[Data provided]

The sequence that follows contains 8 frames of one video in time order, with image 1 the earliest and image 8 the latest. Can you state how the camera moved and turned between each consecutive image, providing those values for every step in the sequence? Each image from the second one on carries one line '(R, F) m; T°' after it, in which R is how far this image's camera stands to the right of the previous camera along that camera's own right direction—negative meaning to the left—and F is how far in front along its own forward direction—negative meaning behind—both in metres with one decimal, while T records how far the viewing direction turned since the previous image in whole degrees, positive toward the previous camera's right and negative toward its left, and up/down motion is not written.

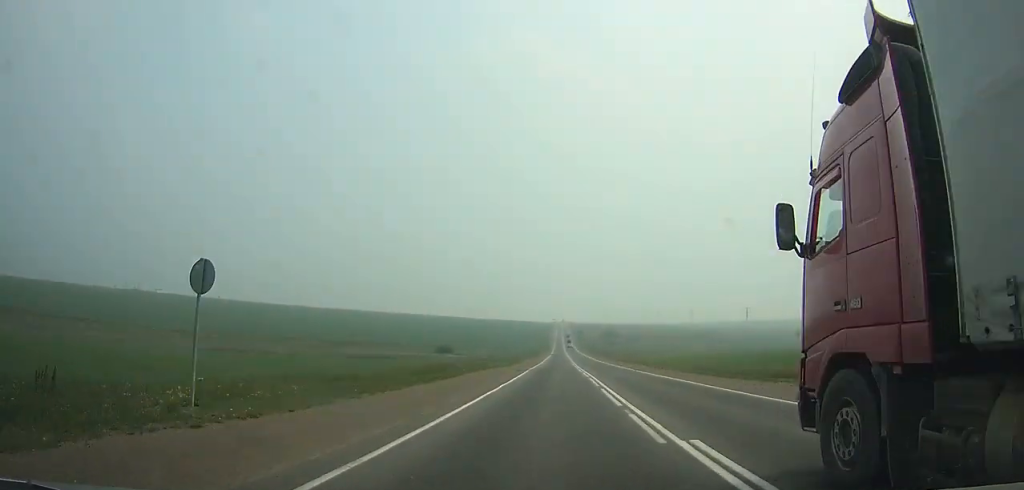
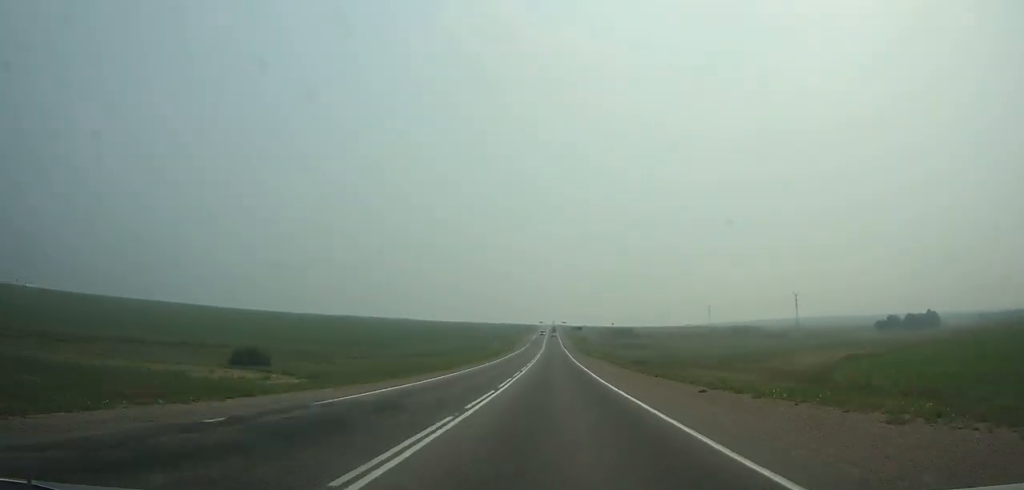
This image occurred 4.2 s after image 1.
(+1.5, +125.5) m; +1°
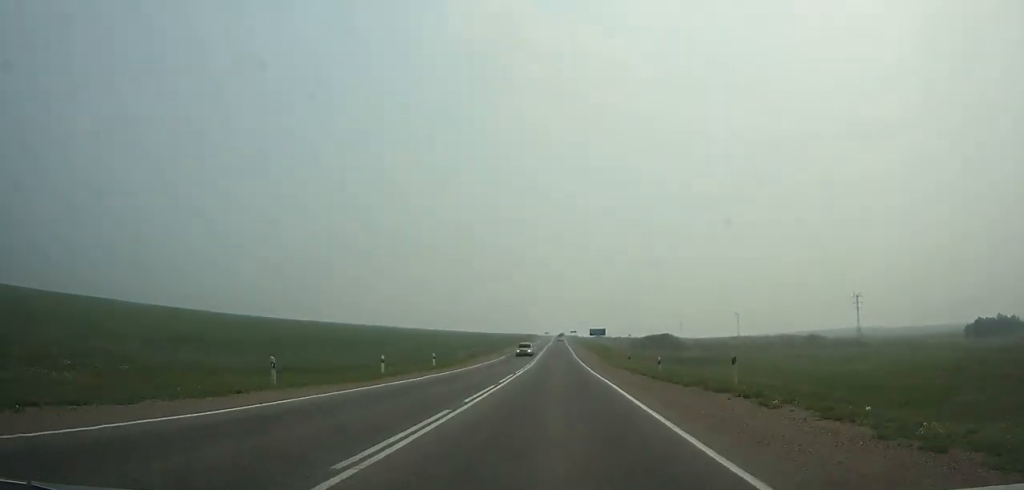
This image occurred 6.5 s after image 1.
(+0.1, +68.7) m; 0°
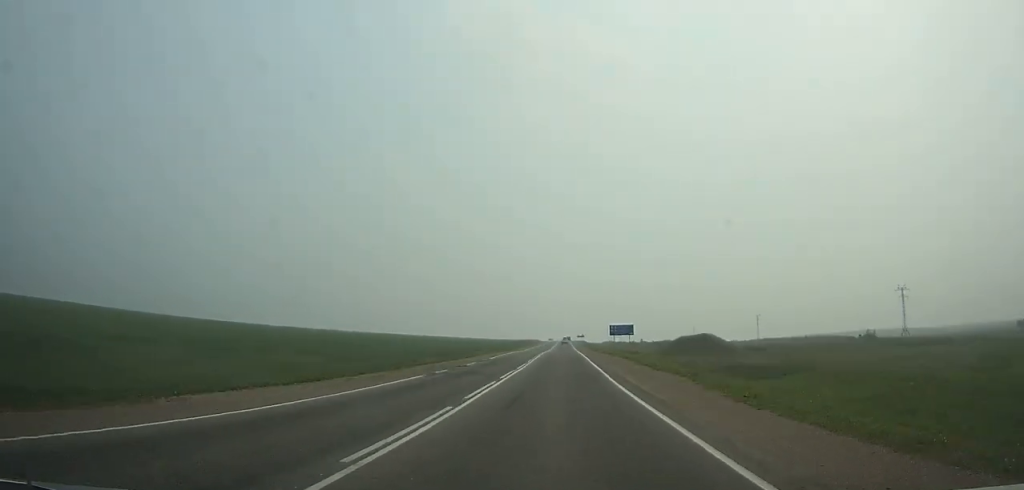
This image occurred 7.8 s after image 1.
(-0.4, +37.4) m; 0°
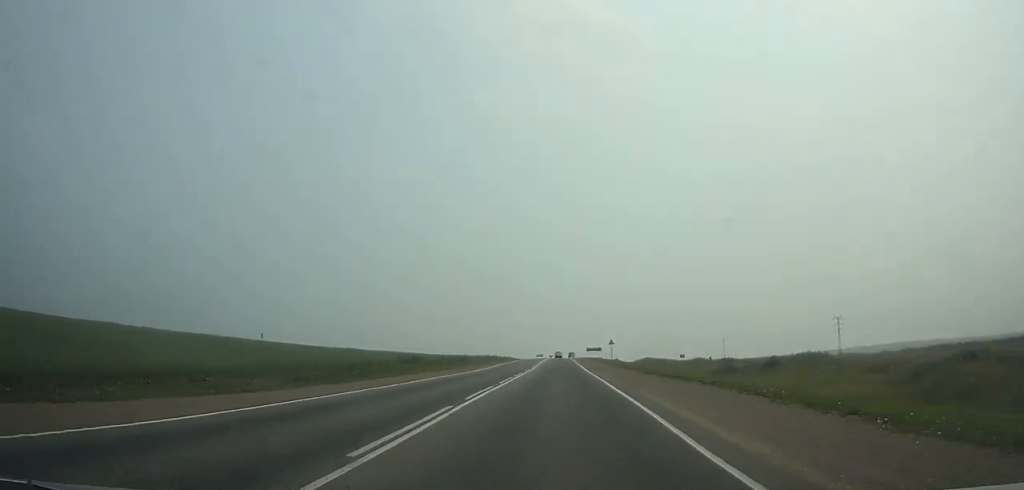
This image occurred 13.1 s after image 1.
(-0.8, +149.5) m; 0°
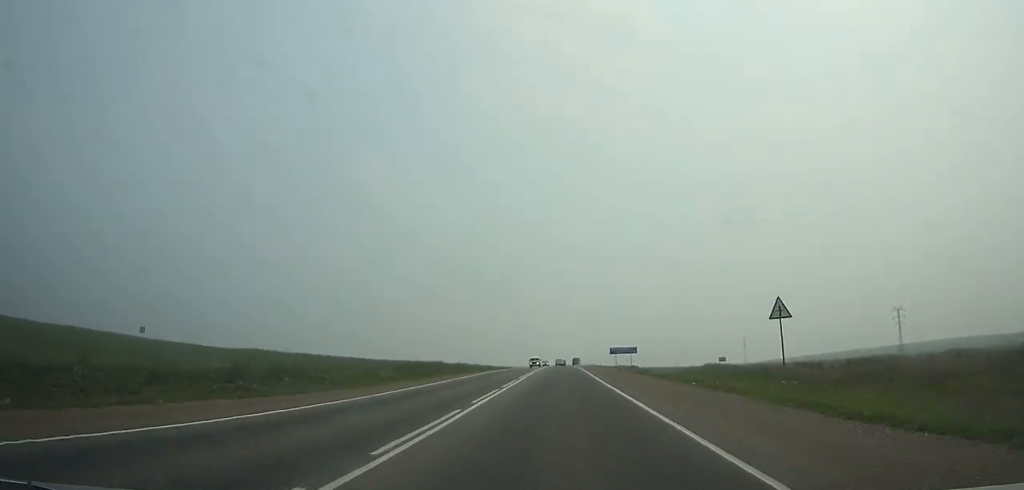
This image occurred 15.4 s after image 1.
(0.0, +65.8) m; 0°
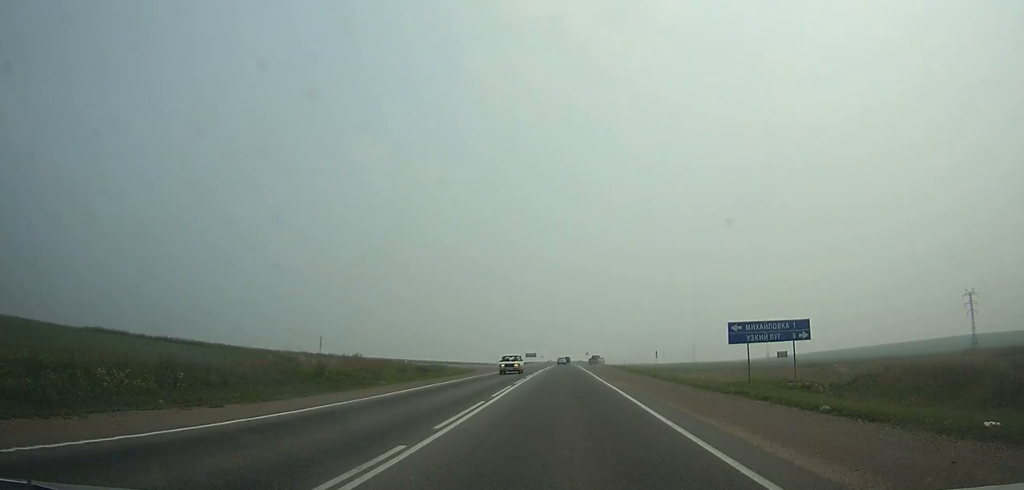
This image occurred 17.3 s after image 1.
(+0.1, +53.7) m; 0°
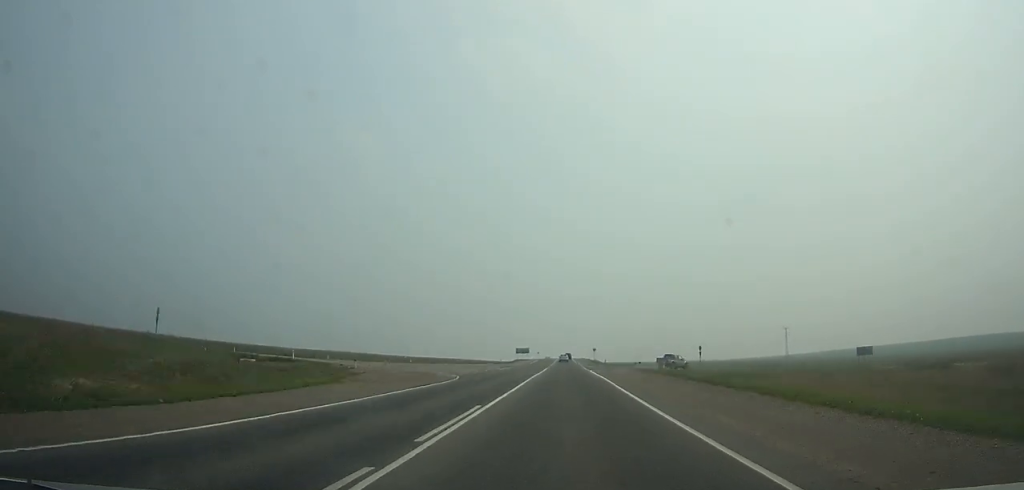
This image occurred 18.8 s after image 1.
(0.0, +42.2) m; 0°

[Problem to solve] Write the records out once more, exactly as they appear, with no pictures.

[Written answer]
The sequence that follows contains 8 frames of one video in time order, with image 1 the earliest and image 8 the latest. Can you state how the camera moved and turned between each consecutive image, providing those values for every step in the sequence? Each image from the second one on carries one line '(R, F) m; T°' after it, in which R is how far this image's camera stands to the right of the previous camera along that camera's own right direction—negative meaning to the left—and F is how far in front along its own forward direction—negative meaning behind—both in metres with one decimal, while T records how far the viewing direction turned since the previous image in whole degrees, positive toward the previous camera's right and negative toward its left, and up/down motion is not written.

This image occurred 4.2 s after image 1.
(+1.5, +125.5) m; +1°
This image occurred 6.5 s after image 1.
(+0.1, +68.7) m; 0°
This image occurred 7.8 s after image 1.
(-0.4, +37.4) m; 0°
This image occurred 13.1 s after image 1.
(-0.8, +149.5) m; 0°
This image occurred 15.4 s after image 1.
(0.0, +65.8) m; 0°
This image occurred 17.3 s after image 1.
(+0.1, +53.7) m; 0°
This image occurred 18.8 s after image 1.
(0.0, +42.2) m; 0°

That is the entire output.